▸ Exercise details:
In the records that follow, the lines from the one containing "Fit a 3-D box to the chair" to the one containing "[-2.872,1.008,8.144,0.544,0.845,0.566,0,0,35]", inclusive, are to be given again exactly.

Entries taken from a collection
────────

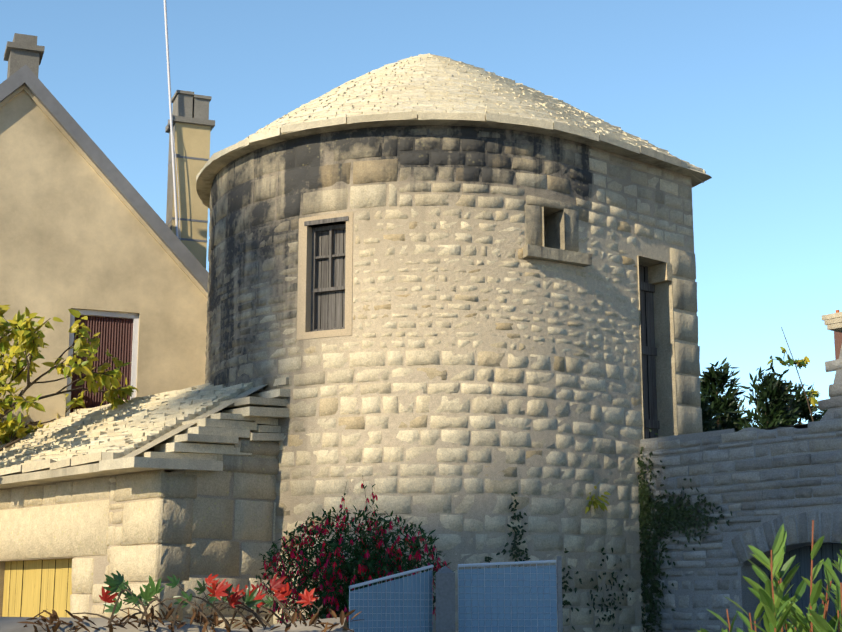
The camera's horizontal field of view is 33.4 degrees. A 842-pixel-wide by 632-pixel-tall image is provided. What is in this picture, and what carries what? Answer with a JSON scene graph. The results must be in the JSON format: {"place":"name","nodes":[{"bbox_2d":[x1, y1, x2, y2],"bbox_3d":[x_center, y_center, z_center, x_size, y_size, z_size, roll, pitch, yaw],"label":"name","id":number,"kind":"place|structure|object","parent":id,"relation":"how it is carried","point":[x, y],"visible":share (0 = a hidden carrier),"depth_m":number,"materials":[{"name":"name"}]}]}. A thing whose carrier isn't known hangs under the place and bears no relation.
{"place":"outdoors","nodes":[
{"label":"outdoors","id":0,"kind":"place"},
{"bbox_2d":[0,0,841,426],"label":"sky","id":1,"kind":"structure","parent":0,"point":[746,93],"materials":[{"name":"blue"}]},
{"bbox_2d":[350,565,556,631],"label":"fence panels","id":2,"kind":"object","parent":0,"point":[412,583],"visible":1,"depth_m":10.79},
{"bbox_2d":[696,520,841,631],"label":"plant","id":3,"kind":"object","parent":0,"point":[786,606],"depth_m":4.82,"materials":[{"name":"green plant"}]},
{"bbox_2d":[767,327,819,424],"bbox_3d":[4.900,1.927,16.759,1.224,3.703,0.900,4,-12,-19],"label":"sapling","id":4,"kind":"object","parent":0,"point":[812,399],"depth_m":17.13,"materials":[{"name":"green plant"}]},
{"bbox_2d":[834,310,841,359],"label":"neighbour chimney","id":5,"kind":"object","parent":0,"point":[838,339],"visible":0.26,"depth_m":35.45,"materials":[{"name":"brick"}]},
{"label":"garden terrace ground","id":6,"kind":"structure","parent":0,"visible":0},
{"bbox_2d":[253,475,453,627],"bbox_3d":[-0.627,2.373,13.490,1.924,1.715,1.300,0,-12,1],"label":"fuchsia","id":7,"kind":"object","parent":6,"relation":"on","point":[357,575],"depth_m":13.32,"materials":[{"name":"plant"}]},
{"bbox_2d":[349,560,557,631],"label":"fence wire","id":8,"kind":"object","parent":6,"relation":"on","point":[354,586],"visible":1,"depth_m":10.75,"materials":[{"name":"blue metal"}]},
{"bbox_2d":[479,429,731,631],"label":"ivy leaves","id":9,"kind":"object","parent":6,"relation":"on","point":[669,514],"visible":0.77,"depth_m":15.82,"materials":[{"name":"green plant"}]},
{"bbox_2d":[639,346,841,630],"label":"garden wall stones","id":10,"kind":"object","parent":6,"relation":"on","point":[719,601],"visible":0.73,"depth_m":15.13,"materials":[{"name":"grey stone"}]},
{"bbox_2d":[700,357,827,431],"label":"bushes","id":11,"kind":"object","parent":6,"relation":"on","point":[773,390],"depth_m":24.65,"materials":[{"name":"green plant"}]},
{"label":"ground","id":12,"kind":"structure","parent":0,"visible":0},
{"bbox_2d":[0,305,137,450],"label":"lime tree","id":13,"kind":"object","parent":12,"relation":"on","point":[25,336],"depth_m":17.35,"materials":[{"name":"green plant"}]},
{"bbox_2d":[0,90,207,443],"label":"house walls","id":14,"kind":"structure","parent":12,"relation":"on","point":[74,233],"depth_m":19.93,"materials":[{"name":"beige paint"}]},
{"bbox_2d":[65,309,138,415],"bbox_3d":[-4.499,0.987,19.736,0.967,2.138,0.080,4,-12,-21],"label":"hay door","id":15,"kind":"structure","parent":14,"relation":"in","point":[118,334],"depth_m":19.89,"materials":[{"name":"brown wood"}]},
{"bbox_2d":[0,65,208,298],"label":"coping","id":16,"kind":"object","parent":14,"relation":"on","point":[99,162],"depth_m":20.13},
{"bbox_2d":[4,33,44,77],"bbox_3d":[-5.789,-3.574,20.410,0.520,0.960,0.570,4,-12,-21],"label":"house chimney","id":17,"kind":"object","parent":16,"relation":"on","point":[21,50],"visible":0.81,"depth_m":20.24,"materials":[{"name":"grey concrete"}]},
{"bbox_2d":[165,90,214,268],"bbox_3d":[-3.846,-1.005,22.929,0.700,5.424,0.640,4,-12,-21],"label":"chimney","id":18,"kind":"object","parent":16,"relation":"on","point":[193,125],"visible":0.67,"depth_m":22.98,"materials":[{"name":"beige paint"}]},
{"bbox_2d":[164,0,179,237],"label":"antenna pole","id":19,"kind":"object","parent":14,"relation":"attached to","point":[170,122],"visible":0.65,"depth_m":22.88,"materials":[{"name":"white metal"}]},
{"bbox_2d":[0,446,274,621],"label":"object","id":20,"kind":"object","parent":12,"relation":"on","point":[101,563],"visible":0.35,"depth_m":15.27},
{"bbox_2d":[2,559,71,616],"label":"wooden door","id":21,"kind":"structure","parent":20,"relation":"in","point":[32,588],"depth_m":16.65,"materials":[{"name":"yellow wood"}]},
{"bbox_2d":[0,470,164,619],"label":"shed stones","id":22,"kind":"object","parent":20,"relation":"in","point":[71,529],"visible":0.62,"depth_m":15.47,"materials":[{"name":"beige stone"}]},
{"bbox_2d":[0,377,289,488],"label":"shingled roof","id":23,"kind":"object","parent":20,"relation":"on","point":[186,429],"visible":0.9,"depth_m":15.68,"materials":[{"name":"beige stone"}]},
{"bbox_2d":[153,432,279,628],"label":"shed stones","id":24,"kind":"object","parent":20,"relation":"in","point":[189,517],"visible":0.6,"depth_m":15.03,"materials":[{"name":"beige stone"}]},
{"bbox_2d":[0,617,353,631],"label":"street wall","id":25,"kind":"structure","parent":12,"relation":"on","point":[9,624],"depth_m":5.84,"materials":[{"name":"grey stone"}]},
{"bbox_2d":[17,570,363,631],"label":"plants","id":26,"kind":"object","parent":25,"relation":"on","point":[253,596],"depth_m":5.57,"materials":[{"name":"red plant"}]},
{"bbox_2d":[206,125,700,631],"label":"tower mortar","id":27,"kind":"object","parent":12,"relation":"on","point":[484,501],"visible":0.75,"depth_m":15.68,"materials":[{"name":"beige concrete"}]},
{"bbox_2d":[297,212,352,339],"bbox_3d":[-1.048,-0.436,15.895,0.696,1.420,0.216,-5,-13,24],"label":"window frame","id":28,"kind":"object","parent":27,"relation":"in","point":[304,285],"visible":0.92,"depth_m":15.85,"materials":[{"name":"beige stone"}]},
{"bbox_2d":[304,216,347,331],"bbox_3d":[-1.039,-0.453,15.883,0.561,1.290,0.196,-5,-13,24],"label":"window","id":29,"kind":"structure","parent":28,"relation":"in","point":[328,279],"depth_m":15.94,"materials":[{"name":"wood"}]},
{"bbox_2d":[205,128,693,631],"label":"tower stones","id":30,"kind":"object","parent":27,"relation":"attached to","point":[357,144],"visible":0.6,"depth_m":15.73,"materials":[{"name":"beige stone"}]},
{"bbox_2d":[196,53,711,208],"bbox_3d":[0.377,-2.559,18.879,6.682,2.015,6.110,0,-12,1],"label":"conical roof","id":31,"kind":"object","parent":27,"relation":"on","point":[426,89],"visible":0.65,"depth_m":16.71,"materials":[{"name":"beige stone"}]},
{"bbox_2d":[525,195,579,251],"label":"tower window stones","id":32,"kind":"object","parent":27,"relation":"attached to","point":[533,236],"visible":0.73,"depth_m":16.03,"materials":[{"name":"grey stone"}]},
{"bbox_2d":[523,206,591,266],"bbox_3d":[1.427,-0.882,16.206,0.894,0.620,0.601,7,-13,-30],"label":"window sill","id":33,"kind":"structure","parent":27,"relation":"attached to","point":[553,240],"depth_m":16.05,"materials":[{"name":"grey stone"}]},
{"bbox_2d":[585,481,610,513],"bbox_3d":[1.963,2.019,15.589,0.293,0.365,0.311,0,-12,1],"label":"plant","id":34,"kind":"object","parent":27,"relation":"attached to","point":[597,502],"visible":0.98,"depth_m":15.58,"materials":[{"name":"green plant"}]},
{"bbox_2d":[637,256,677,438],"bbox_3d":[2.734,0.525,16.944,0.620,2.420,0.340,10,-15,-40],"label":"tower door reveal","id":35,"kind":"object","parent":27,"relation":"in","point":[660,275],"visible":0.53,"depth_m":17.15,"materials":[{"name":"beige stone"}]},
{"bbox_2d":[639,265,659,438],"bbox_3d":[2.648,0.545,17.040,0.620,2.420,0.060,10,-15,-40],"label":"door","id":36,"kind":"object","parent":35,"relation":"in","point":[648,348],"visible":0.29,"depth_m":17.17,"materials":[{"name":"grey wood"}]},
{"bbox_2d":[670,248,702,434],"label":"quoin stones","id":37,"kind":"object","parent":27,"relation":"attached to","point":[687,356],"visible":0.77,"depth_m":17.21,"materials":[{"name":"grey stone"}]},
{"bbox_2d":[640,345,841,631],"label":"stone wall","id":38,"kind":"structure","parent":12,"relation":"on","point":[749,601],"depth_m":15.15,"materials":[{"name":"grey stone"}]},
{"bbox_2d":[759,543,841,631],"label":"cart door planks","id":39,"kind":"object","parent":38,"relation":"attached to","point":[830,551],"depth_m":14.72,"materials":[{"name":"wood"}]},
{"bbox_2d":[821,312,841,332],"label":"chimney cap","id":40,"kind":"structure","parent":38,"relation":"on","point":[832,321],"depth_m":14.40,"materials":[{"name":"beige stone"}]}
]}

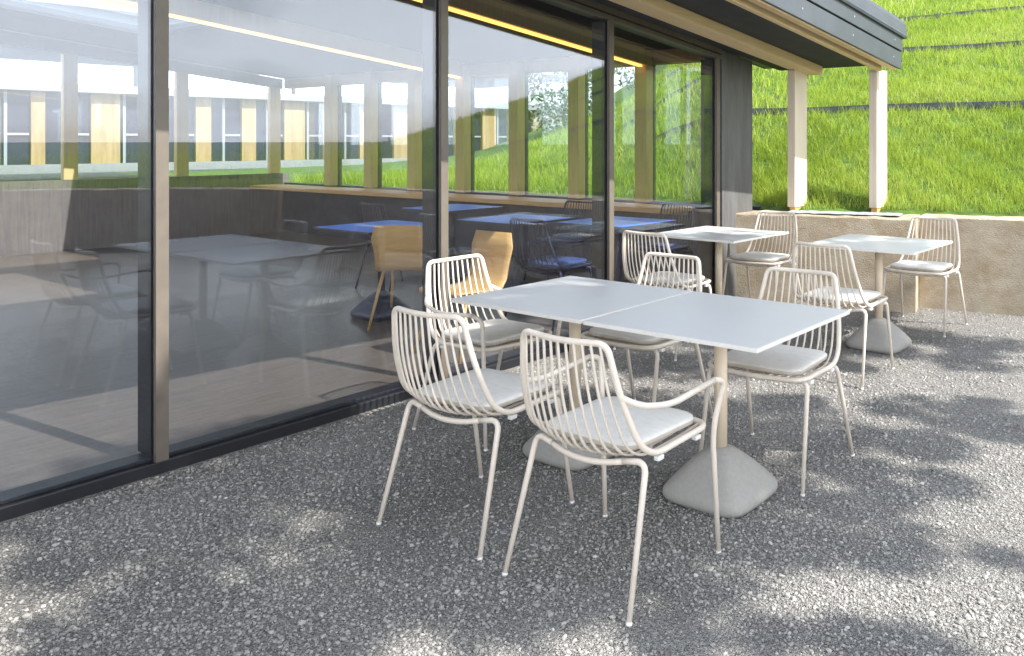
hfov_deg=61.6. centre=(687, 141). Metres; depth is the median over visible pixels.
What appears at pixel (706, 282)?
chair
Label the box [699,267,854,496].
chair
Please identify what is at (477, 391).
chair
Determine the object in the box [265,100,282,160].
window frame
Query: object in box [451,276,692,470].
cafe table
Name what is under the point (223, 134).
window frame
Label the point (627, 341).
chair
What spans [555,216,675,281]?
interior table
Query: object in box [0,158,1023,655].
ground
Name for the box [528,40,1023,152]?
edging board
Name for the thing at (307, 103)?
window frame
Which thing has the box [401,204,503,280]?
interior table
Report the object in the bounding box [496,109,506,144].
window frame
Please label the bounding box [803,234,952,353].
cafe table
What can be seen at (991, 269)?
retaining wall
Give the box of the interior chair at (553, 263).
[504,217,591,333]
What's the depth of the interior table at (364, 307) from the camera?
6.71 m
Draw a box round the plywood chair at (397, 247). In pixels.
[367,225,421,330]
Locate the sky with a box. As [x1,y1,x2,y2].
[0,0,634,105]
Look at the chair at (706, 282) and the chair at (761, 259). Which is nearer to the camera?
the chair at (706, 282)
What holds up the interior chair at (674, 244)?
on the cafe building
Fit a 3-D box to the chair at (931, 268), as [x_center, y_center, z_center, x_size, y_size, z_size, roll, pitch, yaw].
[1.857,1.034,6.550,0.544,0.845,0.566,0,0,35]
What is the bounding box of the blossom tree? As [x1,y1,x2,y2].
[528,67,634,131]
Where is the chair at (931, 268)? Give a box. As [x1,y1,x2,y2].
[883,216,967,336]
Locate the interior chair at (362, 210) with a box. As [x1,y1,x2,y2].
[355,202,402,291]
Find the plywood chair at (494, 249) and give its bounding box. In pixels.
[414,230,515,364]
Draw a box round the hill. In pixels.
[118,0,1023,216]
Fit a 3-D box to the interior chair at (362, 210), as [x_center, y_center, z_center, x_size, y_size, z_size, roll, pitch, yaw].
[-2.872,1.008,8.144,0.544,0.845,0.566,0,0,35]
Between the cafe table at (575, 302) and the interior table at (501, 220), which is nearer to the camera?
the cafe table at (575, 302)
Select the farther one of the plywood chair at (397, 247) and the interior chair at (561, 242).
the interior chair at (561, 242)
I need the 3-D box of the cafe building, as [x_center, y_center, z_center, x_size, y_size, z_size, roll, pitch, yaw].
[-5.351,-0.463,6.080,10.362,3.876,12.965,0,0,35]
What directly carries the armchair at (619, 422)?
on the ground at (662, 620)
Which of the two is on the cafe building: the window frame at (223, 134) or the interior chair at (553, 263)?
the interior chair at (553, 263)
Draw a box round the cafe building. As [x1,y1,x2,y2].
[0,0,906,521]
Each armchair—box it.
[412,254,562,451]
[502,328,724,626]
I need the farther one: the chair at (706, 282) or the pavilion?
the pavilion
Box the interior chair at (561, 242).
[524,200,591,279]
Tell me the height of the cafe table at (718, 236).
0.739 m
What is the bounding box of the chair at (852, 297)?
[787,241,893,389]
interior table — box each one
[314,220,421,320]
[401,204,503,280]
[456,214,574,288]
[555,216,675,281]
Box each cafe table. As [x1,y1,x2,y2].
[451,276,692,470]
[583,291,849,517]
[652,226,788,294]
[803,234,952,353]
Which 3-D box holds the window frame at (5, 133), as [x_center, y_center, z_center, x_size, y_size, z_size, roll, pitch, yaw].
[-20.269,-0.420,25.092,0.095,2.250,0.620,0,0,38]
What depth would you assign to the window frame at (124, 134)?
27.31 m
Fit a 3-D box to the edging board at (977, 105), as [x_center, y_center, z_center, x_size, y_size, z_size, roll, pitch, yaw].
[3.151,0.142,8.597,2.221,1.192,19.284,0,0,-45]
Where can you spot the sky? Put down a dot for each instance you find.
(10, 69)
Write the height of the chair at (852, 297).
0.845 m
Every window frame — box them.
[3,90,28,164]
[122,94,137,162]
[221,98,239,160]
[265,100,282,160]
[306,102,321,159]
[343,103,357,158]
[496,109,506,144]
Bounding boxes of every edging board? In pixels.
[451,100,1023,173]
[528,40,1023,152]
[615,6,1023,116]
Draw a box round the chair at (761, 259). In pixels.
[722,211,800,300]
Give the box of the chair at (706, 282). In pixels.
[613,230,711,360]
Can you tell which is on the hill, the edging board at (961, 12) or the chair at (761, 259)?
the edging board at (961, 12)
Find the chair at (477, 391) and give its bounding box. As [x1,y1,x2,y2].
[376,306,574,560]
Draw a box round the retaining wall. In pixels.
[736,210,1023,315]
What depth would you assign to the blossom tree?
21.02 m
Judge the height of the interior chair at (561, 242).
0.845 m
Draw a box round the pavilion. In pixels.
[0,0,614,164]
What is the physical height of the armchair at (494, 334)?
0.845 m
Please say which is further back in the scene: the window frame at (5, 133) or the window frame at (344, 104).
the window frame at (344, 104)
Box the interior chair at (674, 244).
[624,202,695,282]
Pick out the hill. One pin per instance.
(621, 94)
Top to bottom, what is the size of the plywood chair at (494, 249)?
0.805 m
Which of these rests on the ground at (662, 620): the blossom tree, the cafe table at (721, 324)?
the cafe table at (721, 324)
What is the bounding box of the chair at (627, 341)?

────────

▸ Answer box:
Fit a 3-D box to the chair at (931, 268), as [x_center, y_center, z_center, x_size, y_size, z_size, roll, pitch, yaw].
[1.857,1.034,6.550,0.544,0.845,0.566,0,0,35]
What is the bounding box of the blossom tree? As [x1,y1,x2,y2].
[528,67,634,131]
Where is the chair at (931, 268)? Give a box. As [x1,y1,x2,y2].
[883,216,967,336]
Locate the interior chair at (362, 210) with a box. As [x1,y1,x2,y2].
[355,202,402,291]
Find the plywood chair at (494, 249) and give its bounding box. In pixels.
[414,230,515,364]
Draw a box round the hill. In pixels.
[118,0,1023,216]
Fit a 3-D box to the interior chair at (362, 210), as [x_center, y_center, z_center, x_size, y_size, z_size, roll, pitch, yaw].
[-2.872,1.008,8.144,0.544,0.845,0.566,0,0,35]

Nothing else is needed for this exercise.